これに対し麻生副総理は「書き換えは、国会対応を担当する当時の理財局の一部の職員が行ったものだと想像され、不当な圧力等々ではないと思う」と述べたほか、安倍総理大臣も「国民から厳しい目が向けられていることを真摯(しんし)に受け止めている。今後とも、国会審議の場などを通じてしっかりと説明責任を果たしていきたい」と述べました。
一方、財務省の太田理財局長は一連の書き換えについて「国会で答弁していたのは佐川前局長だ。
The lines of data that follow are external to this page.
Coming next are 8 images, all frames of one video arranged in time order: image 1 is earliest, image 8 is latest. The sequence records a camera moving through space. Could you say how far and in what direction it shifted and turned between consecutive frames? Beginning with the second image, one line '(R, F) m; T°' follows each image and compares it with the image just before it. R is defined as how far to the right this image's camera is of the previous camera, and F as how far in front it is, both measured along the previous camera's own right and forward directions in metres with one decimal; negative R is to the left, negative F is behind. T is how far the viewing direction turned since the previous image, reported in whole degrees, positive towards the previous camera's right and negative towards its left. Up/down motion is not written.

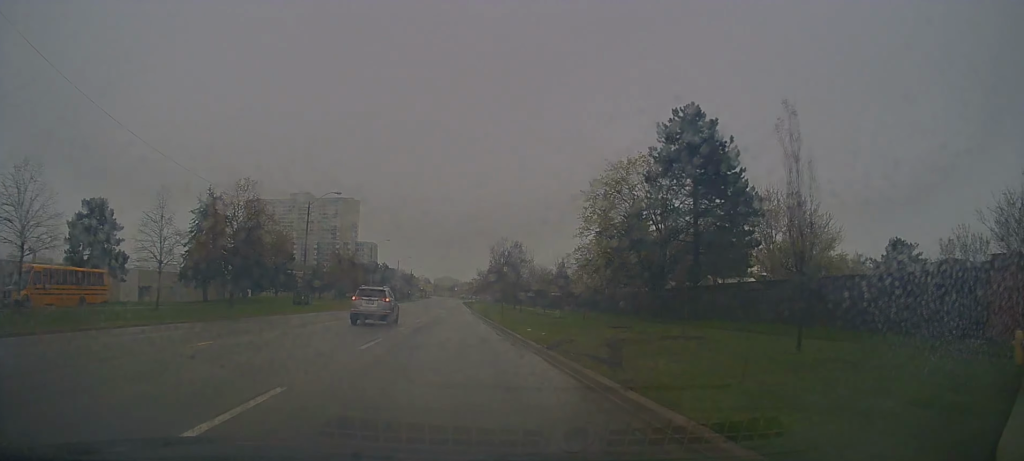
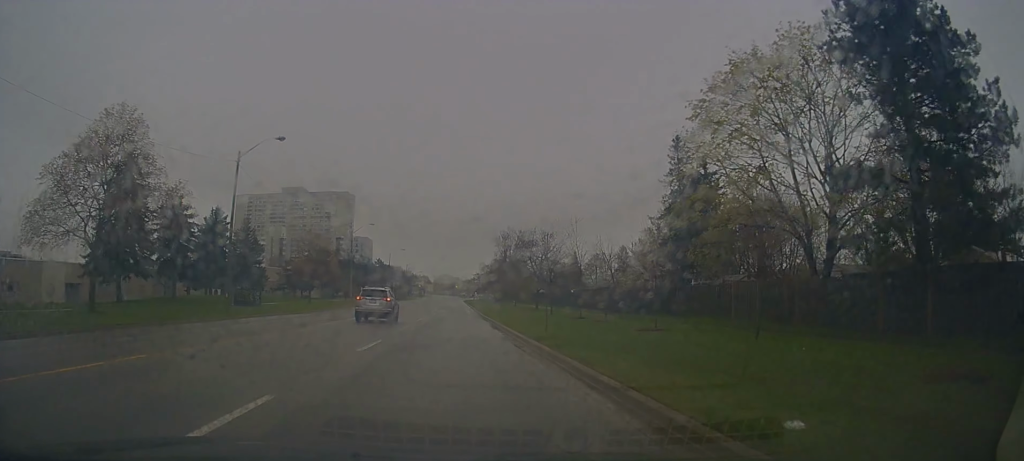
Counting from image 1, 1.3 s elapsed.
(-0.5, +19.3) m; -3°
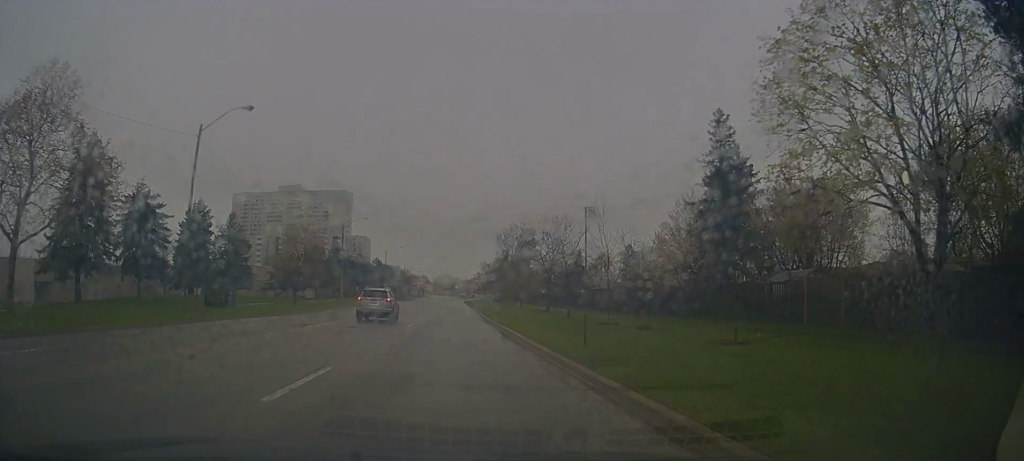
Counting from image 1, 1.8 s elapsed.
(-0.2, +6.6) m; 0°
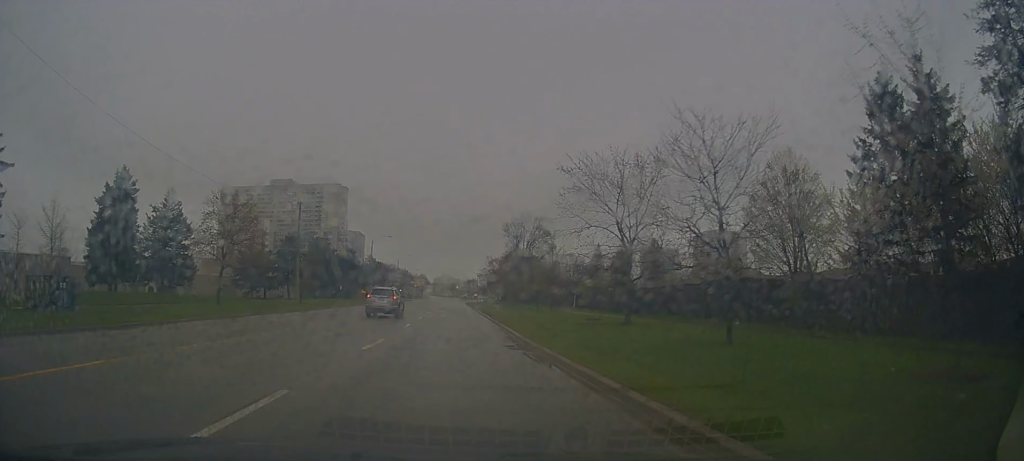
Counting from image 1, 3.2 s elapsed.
(+0.4, +21.3) m; +3°
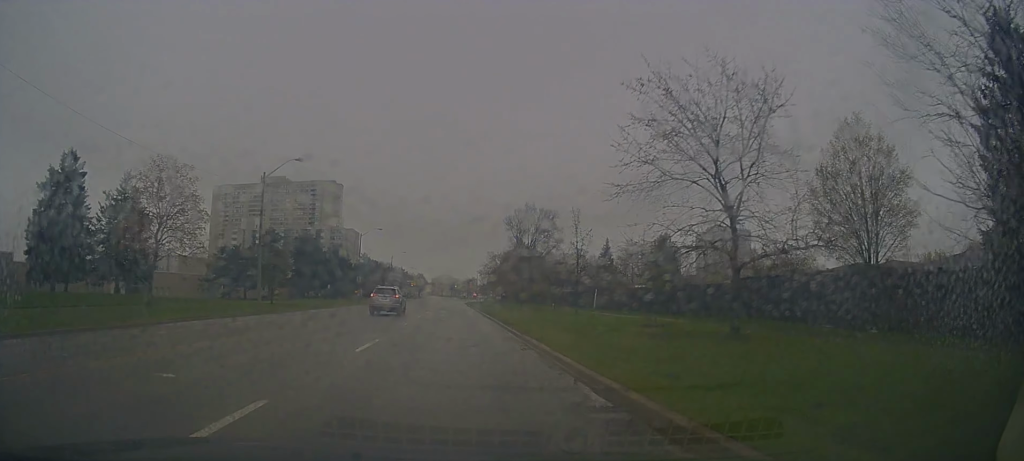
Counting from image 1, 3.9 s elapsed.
(+0.1, +10.5) m; 0°
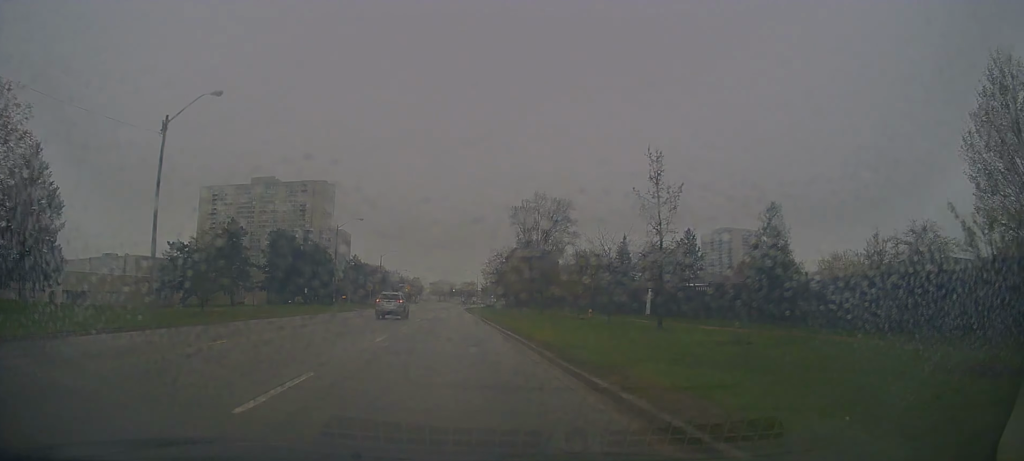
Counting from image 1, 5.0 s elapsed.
(-0.1, +15.5) m; 0°
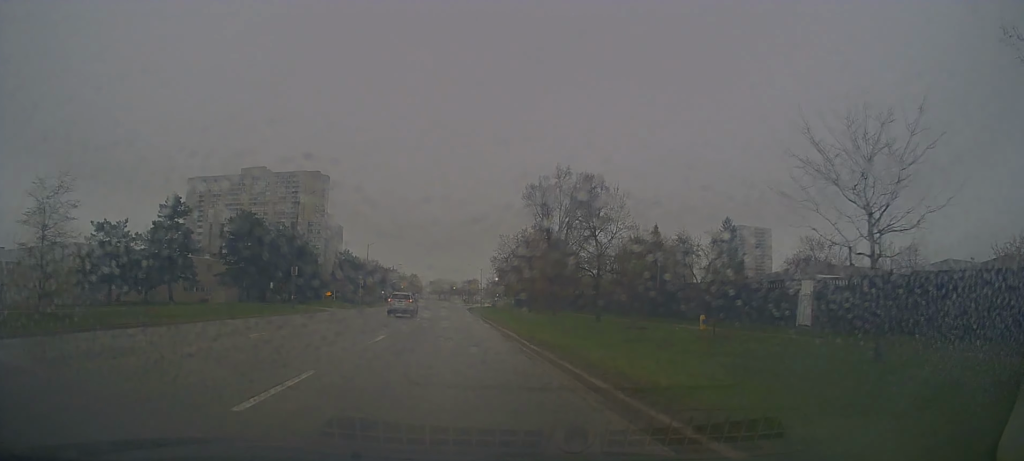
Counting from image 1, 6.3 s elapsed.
(0.0, +18.9) m; -2°
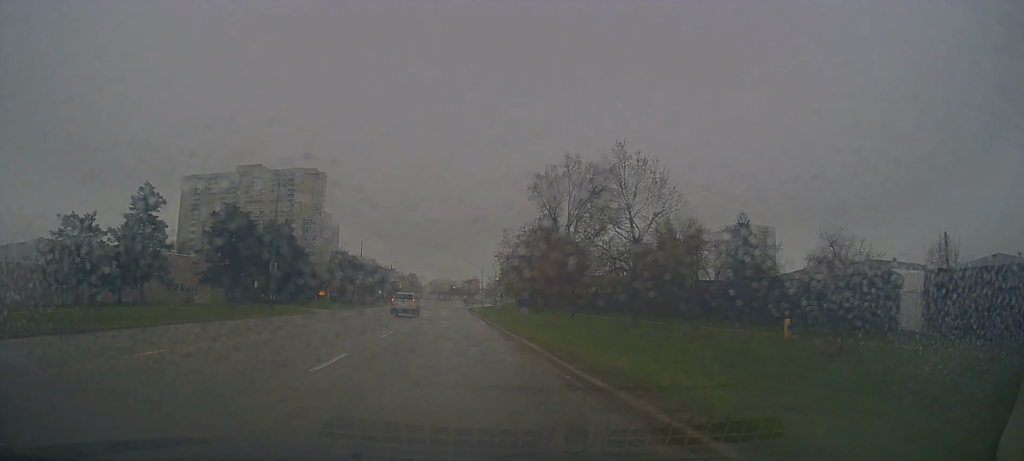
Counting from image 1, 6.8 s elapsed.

佐川前局長の関与は大きかったのではないかと思っている」と述べました。
また財務省が今月5日に国土交通省から書き換え前の決裁文書の写しの提供を受けていたにもかかわらず、国会に報告していなかったことについて、太田局長は、財務省では情報を確認できずに捜査当局に問い合わせるなどした結果、報告が遅れたと釈明しました。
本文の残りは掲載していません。